Because the entries hold pictures, reproduce only their words, exactly as written.

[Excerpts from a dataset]
== Segment start ==
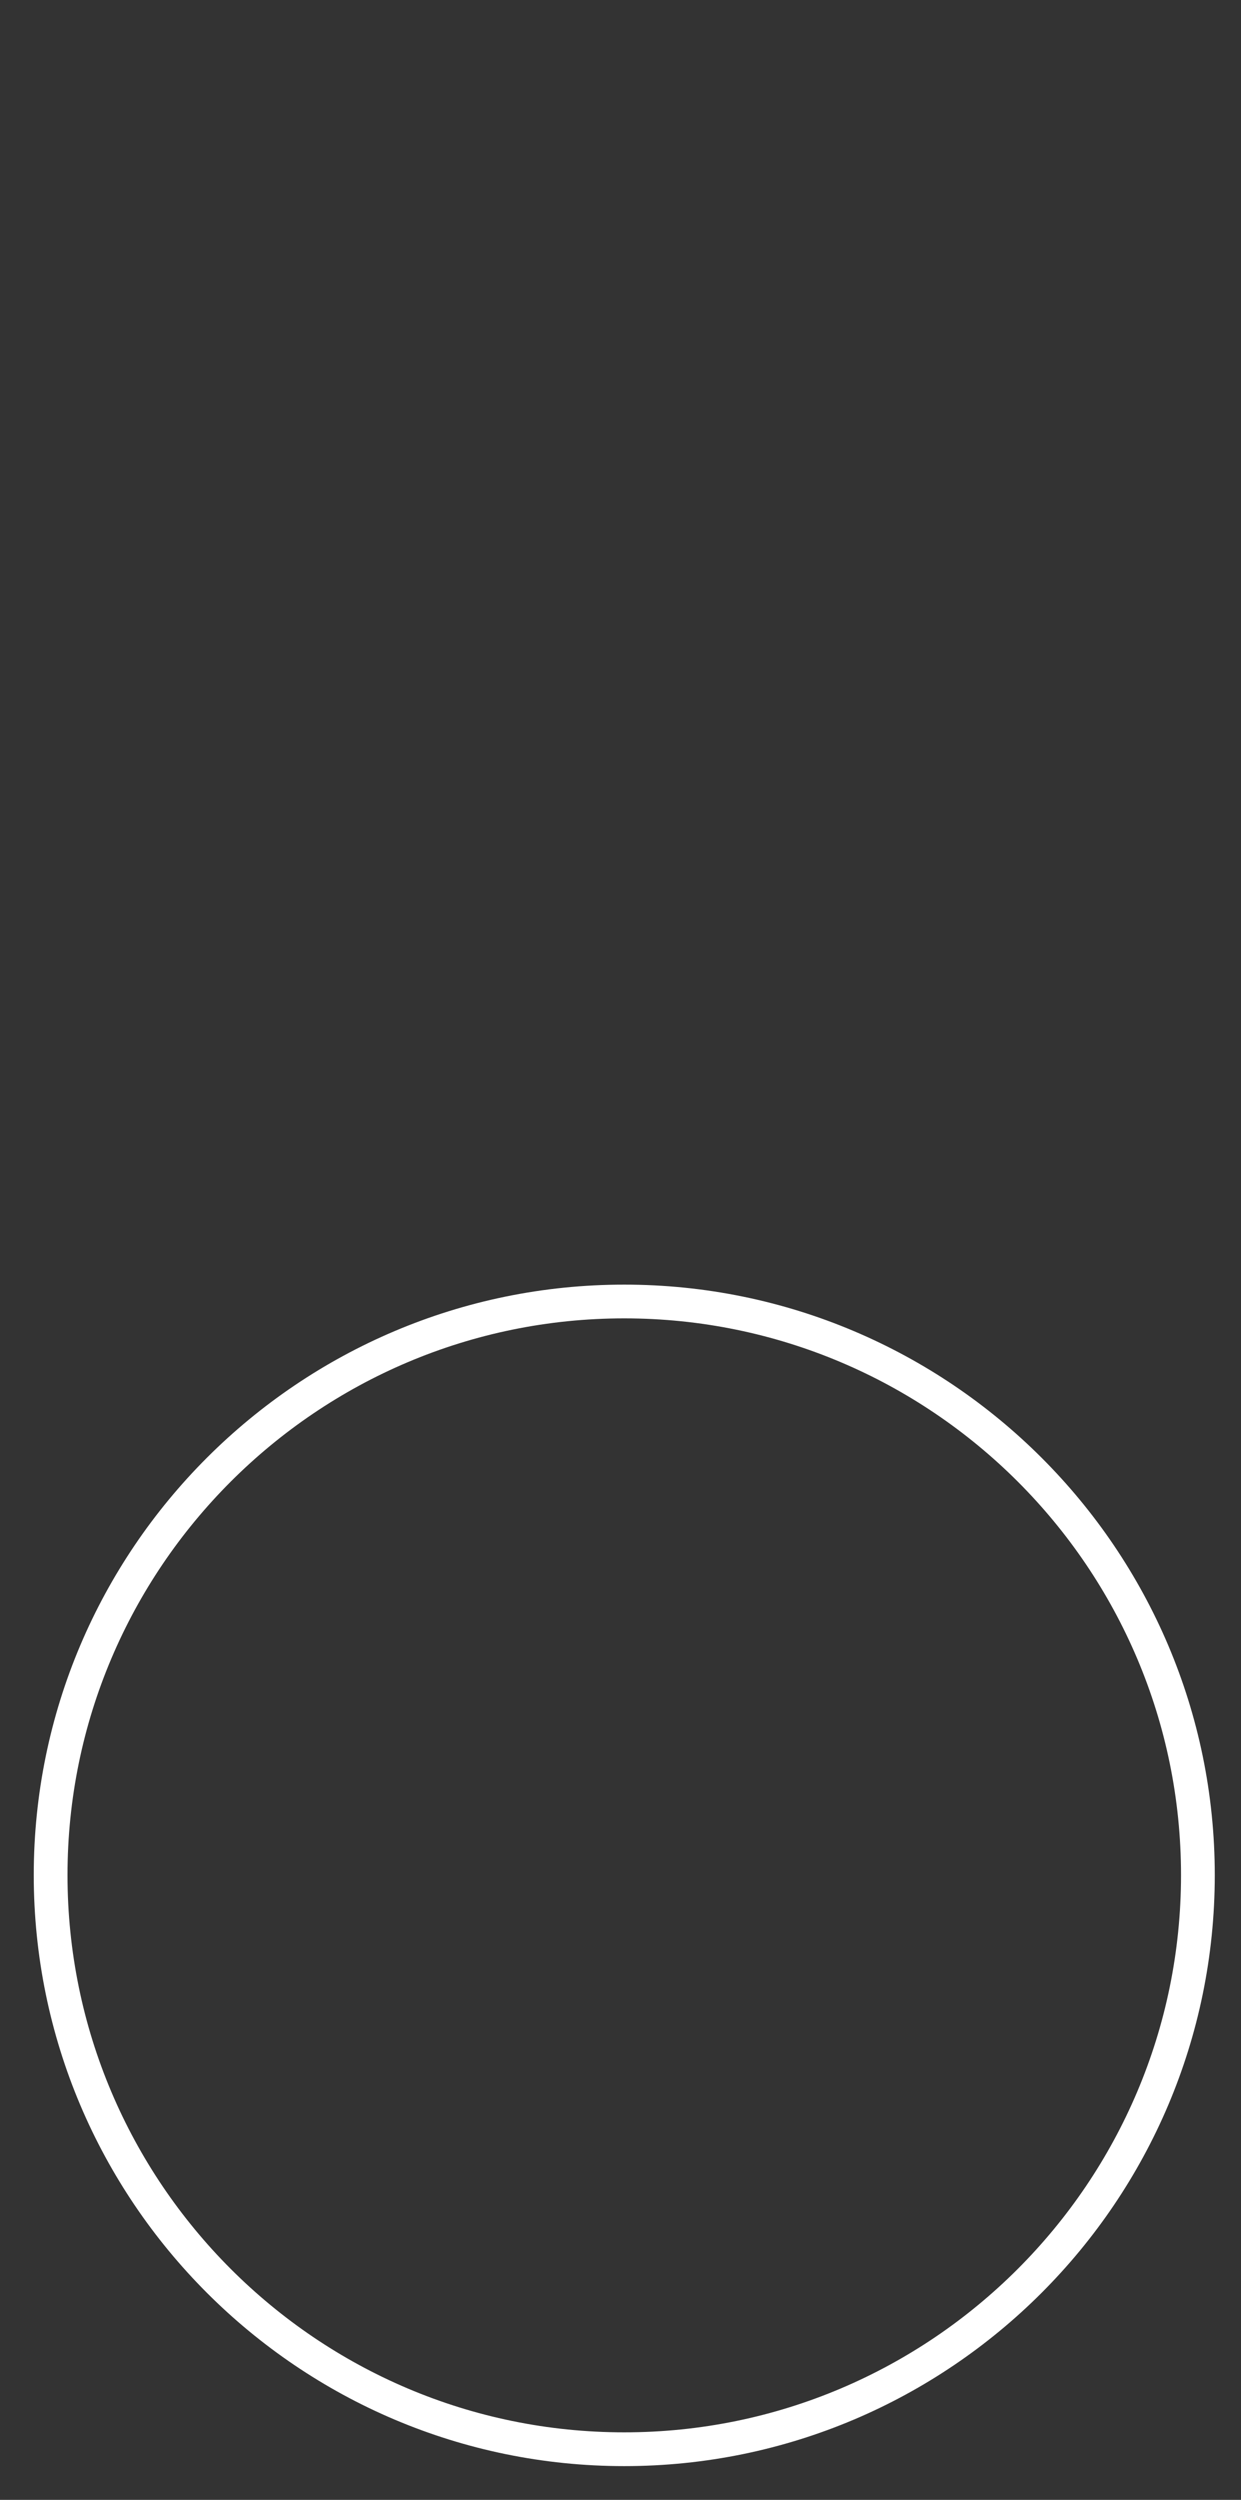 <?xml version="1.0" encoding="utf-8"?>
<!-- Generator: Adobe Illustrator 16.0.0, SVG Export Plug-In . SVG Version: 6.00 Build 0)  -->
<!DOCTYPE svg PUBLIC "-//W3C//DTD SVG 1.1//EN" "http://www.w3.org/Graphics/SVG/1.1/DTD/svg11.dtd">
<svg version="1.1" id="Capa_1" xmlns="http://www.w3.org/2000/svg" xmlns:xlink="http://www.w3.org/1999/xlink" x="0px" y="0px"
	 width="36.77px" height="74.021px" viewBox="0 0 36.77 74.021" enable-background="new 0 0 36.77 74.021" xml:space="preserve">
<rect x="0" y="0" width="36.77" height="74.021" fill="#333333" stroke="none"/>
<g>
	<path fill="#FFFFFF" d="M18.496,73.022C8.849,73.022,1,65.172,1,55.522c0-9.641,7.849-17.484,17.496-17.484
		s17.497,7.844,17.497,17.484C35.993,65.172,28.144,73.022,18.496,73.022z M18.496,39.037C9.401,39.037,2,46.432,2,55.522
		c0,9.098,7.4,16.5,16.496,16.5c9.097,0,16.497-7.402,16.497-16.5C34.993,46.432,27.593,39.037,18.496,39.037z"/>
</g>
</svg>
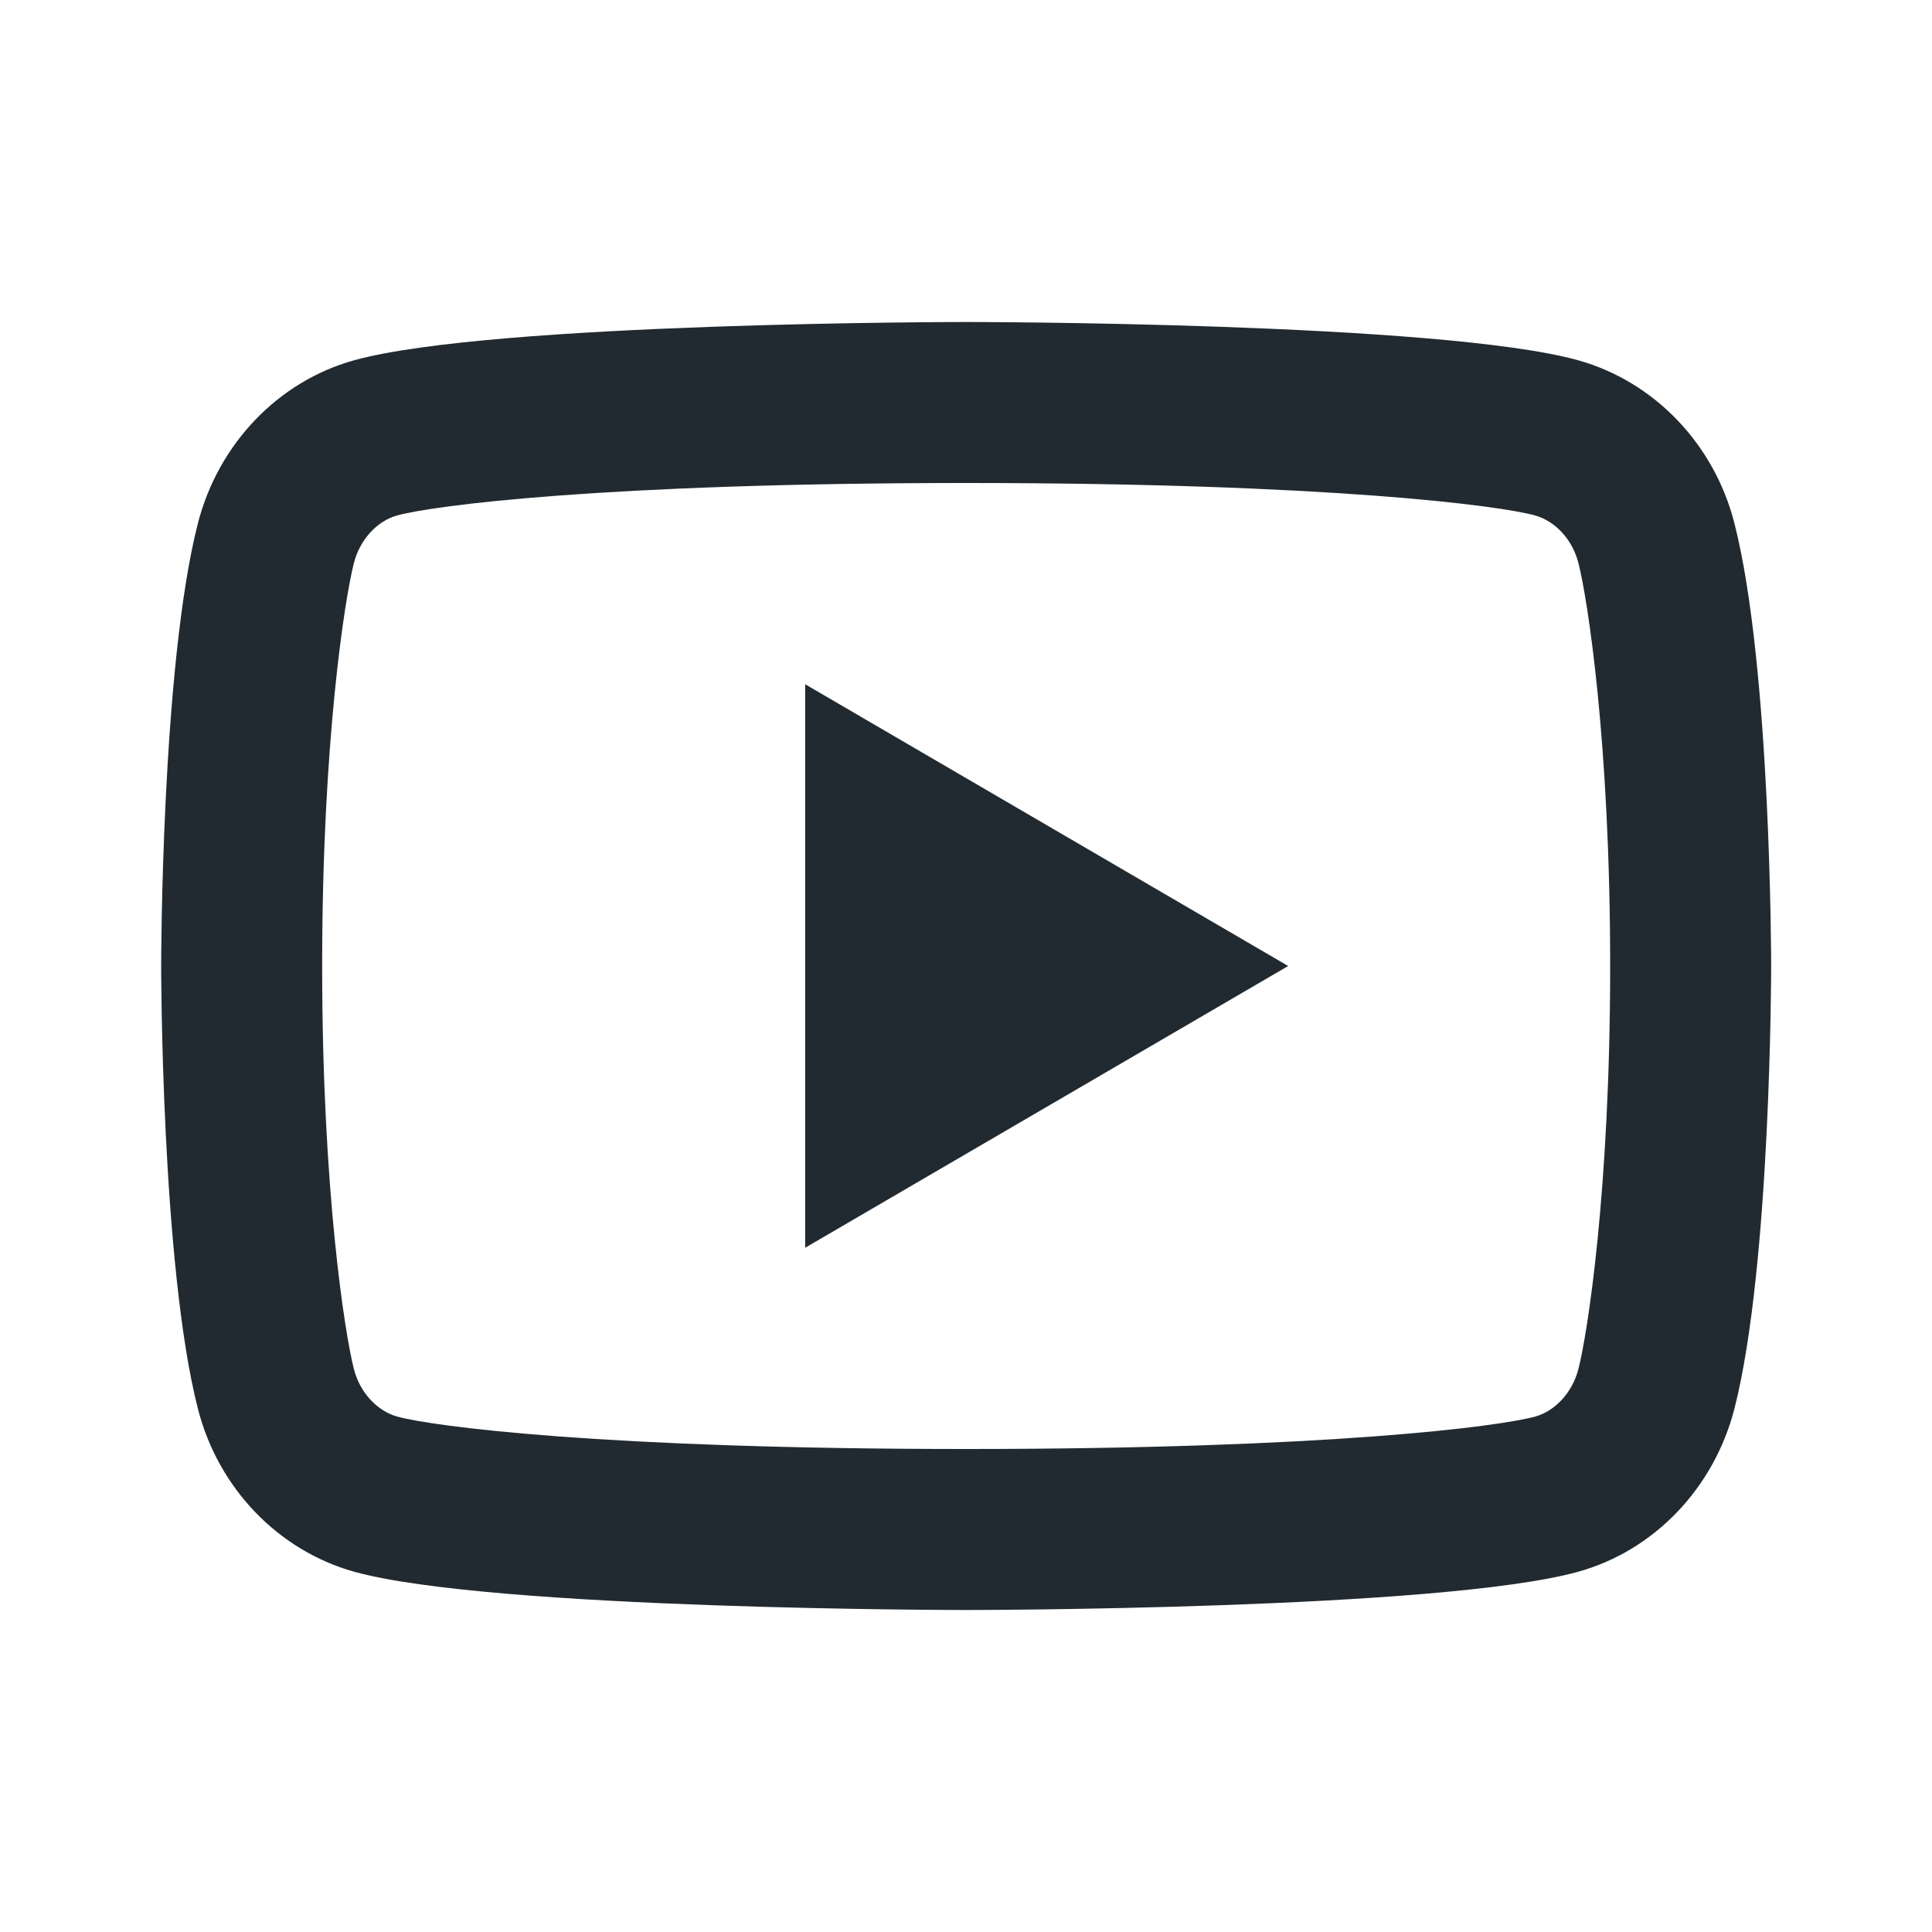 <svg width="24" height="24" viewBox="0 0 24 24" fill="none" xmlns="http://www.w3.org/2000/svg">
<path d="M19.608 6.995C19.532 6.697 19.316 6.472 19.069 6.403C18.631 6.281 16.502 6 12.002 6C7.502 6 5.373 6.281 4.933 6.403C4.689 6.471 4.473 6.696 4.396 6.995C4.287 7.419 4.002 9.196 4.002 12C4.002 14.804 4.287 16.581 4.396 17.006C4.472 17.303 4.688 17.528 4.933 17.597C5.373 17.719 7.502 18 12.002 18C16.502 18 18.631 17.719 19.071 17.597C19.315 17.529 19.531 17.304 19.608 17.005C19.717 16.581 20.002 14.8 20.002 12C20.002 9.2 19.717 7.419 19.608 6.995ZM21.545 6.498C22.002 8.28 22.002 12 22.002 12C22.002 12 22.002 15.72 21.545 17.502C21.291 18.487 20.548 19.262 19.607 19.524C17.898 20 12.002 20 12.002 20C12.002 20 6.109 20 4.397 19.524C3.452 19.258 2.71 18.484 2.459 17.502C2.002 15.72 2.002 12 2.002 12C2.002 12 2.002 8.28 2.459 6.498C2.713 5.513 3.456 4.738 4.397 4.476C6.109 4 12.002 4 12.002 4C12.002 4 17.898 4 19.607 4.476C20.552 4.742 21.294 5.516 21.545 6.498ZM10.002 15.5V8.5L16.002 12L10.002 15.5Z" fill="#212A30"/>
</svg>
== Segment end ==
### Exercise response
 <?xml version="1.0" encoding="utf-8"?>
<!-- Generator: Adobe Illustrator 16.0.0, SVG Export Plug-In . SVG Version: 6.00 Build 0)  -->
<!DOCTYPE svg PUBLIC "-//W3C//DTD SVG 1.1//EN" "http://www.w3.org/Graphics/SVG/1.1/DTD/svg11.dtd">
<svg version="1.1" id="Capa_1" xmlns="http://www.w3.org/2000/svg" xmlns:xlink="http://www.w3.org/1999/xlink" x="0px" y="0px"
	 width="36.77px" height="74.021px" viewBox="0 0 36.77 74.021" enable-background="new 0 0 36.77 74.021" xml:space="preserve">
<rect x="0" y="0" width="36.77" height="74.021" fill="#333333" stroke="none"/>
<g>
	<path fill="#FFFFFF" d="M18.496,73.022C8.849,73.022,1,65.172,1,55.522c0-9.641,7.849-17.484,17.496-17.484
		s17.497,7.844,17.497,17.484C35.993,65.172,28.144,73.022,18.496,73.022z M18.496,39.037C9.401,39.037,2,46.432,2,55.522
		c0,9.098,7.4,16.5,16.496,16.5c9.097,0,16.497-7.402,16.497-16.5C34.993,46.432,27.593,39.037,18.496,39.037z"/>
</g>
</svg>
 <svg width="24" height="24" viewBox="0 0 24 24" fill="none" xmlns="http://www.w3.org/2000/svg">
<path d="M19.608 6.995C19.532 6.697 19.316 6.472 19.069 6.403C18.631 6.281 16.502 6 12.002 6C7.502 6 5.373 6.281 4.933 6.403C4.689 6.471 4.473 6.696 4.396 6.995C4.287 7.419 4.002 9.196 4.002 12C4.002 14.804 4.287 16.581 4.396 17.006C4.472 17.303 4.688 17.528 4.933 17.597C5.373 17.719 7.502 18 12.002 18C16.502 18 18.631 17.719 19.071 17.597C19.315 17.529 19.531 17.304 19.608 17.005C19.717 16.581 20.002 14.8 20.002 12C20.002 9.2 19.717 7.419 19.608 6.995ZM21.545 6.498C22.002 8.28 22.002 12 22.002 12C22.002 12 22.002 15.72 21.545 17.502C21.291 18.487 20.548 19.262 19.607 19.524C17.898 20 12.002 20 12.002 20C12.002 20 6.109 20 4.397 19.524C3.452 19.258 2.71 18.484 2.459 17.502C2.002 15.72 2.002 12 2.002 12C2.002 12 2.002 8.28 2.459 6.498C2.713 5.513 3.456 4.738 4.397 4.476C6.109 4 12.002 4 12.002 4C12.002 4 17.898 4 19.607 4.476C20.552 4.742 21.294 5.516 21.545 6.498ZM10.002 15.5V8.5L16.002 12L10.002 15.5Z" fill="#212A30"/>
</svg>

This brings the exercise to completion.